Зимка потянулся кверху, точно высматривая кого-то, потом нырнул под кресло и исчез.

— Змея подколодная.

— Он?

Галь едва заметно кивнул через плечо.

Вдоль ограждения так чинно, точно боялся себя расплескать, двигался корпулентный священник в парадном облачении из тяжелой белой и голубой парчи, неся перед собою посох с изогнутым стеклянным навершием, гордо уставив в зенит украшенную высокой шляпой голову. Ходящий под карабеллой был сед, краснолиц и благообразен. На мир взирал снизу вверх и нес на груди тяжелую цепь с серебряным кораблем; сопровождаемый легким звоном вделанных в каблуки колокольчиков. Сидящим приходилось отклоняться и подбирать ноги, задеваемые жестким одеянием.

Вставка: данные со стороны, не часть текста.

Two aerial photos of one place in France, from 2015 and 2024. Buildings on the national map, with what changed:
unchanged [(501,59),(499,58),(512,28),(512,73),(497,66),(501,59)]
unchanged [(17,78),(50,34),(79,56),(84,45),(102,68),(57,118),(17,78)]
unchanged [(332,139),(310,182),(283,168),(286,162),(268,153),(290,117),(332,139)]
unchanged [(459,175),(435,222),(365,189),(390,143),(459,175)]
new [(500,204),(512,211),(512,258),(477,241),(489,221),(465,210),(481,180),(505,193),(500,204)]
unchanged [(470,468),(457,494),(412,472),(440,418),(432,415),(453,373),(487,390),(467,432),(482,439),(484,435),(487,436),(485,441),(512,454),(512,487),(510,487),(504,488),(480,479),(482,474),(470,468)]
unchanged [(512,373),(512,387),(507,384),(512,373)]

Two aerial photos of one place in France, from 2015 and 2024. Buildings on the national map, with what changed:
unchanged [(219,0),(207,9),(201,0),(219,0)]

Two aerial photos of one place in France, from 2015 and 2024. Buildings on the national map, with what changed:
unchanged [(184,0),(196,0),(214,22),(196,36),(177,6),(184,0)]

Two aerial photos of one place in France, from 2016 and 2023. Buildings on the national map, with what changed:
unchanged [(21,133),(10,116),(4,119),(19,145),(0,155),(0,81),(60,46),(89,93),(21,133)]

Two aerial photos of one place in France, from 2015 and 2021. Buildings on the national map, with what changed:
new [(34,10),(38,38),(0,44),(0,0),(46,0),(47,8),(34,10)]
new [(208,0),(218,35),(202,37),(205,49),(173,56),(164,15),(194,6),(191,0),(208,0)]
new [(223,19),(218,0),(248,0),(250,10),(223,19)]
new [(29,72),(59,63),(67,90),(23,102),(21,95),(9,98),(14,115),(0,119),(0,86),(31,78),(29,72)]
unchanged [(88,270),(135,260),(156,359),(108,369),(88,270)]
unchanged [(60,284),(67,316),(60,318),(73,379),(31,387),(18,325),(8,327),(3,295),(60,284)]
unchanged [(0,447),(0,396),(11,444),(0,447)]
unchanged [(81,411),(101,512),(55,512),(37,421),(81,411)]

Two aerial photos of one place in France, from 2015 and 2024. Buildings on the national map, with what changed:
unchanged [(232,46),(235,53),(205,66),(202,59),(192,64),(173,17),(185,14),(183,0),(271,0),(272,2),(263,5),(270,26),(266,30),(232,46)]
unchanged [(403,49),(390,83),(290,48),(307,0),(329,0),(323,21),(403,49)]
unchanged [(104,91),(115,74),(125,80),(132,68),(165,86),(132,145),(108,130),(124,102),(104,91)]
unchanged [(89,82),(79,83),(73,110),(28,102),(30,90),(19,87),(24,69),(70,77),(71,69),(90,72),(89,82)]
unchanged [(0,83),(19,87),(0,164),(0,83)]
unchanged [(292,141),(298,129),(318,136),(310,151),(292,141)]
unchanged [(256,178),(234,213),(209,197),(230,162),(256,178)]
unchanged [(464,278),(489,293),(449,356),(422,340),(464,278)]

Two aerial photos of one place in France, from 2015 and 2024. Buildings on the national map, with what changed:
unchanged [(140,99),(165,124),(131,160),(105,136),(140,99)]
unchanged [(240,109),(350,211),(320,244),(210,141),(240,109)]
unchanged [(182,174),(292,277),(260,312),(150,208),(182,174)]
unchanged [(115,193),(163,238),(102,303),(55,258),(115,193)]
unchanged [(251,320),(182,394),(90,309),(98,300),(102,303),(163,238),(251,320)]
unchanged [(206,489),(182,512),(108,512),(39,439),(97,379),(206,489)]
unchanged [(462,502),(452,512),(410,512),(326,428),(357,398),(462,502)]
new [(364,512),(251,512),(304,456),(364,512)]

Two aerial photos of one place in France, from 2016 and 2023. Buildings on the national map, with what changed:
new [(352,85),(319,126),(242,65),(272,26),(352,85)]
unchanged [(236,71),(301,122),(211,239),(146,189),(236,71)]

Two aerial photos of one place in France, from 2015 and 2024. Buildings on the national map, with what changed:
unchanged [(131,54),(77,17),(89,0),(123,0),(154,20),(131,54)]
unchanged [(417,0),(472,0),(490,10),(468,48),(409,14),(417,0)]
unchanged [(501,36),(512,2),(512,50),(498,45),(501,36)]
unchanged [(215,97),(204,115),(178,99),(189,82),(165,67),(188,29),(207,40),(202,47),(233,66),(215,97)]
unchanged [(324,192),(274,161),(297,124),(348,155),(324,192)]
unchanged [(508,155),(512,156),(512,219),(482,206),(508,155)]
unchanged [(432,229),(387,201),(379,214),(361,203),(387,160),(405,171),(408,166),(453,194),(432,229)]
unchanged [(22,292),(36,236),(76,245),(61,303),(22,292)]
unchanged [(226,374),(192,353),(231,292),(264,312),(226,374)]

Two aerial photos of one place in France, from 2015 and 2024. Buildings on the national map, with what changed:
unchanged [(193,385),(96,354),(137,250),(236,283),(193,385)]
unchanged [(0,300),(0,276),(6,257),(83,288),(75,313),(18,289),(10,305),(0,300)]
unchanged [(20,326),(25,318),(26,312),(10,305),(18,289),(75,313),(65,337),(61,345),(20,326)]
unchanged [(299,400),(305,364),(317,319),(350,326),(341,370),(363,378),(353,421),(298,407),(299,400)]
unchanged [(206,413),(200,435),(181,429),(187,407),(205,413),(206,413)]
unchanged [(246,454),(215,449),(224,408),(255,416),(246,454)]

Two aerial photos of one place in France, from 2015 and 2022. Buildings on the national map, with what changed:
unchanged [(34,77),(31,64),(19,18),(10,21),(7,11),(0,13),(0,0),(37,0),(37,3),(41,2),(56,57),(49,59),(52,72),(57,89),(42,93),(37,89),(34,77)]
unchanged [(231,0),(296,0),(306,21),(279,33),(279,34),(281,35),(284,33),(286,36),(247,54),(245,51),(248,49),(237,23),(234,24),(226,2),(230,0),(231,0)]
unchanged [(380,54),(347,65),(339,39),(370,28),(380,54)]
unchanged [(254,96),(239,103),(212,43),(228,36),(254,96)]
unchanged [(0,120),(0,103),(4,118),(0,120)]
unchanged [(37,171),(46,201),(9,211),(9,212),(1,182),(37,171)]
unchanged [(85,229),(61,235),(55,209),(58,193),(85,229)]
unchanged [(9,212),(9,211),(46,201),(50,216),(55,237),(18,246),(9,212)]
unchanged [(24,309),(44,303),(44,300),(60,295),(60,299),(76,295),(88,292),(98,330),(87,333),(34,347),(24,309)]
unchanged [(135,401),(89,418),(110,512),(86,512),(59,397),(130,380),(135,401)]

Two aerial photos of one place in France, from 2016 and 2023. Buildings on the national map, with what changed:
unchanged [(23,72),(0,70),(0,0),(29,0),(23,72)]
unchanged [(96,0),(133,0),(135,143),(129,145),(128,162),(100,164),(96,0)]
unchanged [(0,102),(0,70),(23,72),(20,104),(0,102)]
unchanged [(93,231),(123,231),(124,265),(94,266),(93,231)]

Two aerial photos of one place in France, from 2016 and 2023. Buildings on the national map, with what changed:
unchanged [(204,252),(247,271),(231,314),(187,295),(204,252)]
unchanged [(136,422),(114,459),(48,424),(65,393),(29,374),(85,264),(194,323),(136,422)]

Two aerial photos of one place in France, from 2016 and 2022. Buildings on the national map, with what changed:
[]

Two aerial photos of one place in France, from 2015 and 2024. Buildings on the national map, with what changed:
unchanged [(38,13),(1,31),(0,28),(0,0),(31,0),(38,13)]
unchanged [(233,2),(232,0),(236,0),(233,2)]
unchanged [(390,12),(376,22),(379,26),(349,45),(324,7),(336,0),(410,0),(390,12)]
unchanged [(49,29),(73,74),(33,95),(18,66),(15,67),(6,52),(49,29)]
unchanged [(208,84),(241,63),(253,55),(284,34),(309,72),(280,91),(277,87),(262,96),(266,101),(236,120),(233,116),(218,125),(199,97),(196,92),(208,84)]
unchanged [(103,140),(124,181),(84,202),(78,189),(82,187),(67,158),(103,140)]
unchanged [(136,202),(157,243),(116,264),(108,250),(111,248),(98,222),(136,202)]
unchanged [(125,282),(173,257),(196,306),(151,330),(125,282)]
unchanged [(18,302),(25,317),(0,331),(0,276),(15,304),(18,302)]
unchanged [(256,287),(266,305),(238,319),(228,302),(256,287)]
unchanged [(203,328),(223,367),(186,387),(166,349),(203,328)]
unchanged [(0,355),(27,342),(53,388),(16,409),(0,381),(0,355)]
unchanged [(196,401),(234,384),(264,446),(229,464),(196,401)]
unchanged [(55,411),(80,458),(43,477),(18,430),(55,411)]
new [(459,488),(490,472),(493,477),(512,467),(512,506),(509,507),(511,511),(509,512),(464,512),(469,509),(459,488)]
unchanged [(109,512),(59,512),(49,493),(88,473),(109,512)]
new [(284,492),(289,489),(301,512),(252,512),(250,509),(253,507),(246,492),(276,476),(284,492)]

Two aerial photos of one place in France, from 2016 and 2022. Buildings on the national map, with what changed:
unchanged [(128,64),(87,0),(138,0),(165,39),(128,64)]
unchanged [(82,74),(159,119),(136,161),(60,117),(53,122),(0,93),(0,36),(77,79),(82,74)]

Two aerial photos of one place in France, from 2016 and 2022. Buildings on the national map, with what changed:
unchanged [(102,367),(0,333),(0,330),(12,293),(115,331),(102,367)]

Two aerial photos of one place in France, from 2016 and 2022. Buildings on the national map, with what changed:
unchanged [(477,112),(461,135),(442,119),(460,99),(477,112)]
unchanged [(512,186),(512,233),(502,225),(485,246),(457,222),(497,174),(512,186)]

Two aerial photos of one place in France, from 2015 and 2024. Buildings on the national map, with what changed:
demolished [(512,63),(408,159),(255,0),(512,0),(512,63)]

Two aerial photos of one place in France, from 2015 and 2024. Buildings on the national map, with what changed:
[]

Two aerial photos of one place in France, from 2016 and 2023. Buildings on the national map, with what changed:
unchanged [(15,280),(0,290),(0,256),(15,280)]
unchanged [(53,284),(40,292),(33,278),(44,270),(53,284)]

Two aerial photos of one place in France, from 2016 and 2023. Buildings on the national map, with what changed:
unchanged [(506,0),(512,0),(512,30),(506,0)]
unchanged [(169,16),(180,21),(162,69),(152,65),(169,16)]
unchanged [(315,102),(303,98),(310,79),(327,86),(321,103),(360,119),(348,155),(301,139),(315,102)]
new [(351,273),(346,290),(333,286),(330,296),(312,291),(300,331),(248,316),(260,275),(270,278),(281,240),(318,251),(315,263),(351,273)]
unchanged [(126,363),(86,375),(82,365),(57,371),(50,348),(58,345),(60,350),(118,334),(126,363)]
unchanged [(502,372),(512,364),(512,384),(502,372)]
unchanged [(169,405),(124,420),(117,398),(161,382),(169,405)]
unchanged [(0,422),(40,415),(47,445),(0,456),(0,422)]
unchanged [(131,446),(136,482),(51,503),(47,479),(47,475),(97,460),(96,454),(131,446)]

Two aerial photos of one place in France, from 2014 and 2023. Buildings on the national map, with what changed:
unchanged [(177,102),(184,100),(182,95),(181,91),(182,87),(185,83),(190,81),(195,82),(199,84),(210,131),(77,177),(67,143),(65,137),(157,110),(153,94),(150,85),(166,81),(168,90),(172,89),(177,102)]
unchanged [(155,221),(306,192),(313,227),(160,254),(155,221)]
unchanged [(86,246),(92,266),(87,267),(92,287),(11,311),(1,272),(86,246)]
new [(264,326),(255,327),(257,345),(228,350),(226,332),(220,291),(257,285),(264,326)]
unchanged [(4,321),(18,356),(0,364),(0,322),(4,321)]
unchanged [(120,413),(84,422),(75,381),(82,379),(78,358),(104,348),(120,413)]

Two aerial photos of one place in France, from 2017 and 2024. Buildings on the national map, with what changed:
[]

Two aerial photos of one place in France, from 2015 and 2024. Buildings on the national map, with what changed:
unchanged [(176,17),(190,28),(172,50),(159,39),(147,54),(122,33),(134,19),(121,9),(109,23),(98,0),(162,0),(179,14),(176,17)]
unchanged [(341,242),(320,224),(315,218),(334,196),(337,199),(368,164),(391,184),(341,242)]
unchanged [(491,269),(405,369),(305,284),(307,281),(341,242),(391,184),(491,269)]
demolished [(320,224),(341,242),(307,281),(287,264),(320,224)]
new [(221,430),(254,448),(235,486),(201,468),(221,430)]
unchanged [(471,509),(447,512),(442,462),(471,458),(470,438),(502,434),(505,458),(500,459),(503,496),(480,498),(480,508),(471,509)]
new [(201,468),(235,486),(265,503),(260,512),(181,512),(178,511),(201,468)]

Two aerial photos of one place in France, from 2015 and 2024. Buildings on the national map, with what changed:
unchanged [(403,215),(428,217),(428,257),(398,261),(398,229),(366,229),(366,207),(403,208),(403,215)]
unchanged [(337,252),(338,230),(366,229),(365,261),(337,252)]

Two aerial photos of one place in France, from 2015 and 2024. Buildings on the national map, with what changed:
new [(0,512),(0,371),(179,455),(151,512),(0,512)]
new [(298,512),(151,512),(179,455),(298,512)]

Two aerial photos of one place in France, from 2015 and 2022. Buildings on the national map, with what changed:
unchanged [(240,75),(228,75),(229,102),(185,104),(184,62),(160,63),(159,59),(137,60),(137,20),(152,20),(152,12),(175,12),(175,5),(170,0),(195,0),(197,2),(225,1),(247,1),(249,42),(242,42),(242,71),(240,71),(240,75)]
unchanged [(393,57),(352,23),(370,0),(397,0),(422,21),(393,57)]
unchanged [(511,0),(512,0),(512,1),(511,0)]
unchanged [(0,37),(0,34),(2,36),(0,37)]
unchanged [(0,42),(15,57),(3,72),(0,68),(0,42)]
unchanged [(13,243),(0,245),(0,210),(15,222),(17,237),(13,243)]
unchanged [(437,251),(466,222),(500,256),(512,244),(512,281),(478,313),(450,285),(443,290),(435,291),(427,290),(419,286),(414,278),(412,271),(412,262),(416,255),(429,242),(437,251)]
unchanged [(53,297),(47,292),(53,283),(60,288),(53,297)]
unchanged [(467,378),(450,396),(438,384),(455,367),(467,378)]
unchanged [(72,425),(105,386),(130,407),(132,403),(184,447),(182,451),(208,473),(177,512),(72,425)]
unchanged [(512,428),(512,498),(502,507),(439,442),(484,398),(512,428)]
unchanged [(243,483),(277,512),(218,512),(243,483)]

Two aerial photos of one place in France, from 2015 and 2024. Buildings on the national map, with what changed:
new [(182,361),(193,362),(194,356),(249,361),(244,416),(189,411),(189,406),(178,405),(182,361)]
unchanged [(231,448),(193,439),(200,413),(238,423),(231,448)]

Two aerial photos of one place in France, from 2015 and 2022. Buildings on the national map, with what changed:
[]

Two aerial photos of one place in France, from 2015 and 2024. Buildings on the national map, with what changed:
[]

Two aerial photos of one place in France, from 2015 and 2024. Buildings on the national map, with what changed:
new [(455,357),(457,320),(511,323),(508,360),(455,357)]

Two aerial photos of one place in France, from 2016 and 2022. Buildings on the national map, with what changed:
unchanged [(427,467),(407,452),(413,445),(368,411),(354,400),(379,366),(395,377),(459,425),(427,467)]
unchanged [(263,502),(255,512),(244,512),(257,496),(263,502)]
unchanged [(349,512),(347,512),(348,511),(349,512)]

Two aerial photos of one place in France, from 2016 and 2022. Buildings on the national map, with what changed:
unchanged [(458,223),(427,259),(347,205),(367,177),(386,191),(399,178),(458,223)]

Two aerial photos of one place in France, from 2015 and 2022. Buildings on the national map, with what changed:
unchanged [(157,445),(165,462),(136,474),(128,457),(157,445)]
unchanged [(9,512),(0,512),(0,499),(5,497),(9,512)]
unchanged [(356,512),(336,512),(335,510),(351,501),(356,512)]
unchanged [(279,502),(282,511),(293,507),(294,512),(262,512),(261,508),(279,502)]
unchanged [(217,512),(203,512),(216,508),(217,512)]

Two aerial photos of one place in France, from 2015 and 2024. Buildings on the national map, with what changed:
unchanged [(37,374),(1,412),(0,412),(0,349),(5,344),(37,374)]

За примасом Имельдским тащился служка с оттопыренными ушами и смазанными веснушками, и в его ритуальную чашку с водой сыпали мелочь. Подаяние было щедрым, и чаша оттягивала руки. Мальчишка морщился и сдувал волосенки с потного лба.

У Эрили потянуло запястья, когда примас прошел мимо. А он встал перед креслом и поднял руку. Тут же герольды по обе стороны помоста подули в рога. Древний, пробирающий до костей звук заставил зрителей вытянуться и прекратить болтовню.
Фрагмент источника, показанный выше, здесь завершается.